[Opening Exercise inputs section]

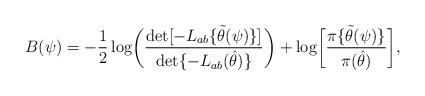
LaTeX: \begin{align*}B(\psi)=-{1\over 2}\log\biggl(\frac{\det[-L_{ab}\{\tilde\theta(\psi)\}]}{\det\{-L_{ab}(\hat\theta)\}}\biggr)+\log\biggl[\frac{\pi\{\tilde\theta(\psi)\}}{\pi(\hat\theta)}\biggr],\end{align*}
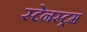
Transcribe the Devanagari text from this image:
स्टेनस्ट्रम
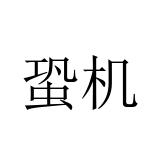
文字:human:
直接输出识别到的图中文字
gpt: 蛩机
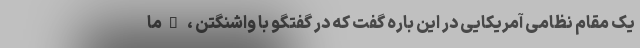
یک مقام نظامی آمریکایی در این باره گفت که در گفتگو با واشنگتن ، "ما
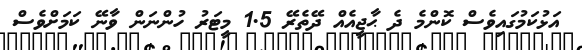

[Closing Exercise inputs section]

__Task description__.
For this task, give again exactly the lines from the line with "Transcribe the Devanagari" through the end of the entries, including both ends, and omit the pictures.

__Solution for this exercise__.
Transcribe the Devanagari text from this image:
स्टेनस्ट्रम
文字:human:
直接输出识别到的图中文字
gpt: 蛩机
یک مقام نظامی آمریکایی در این باره گفت که در گفتگو با واشنگتن ، "ما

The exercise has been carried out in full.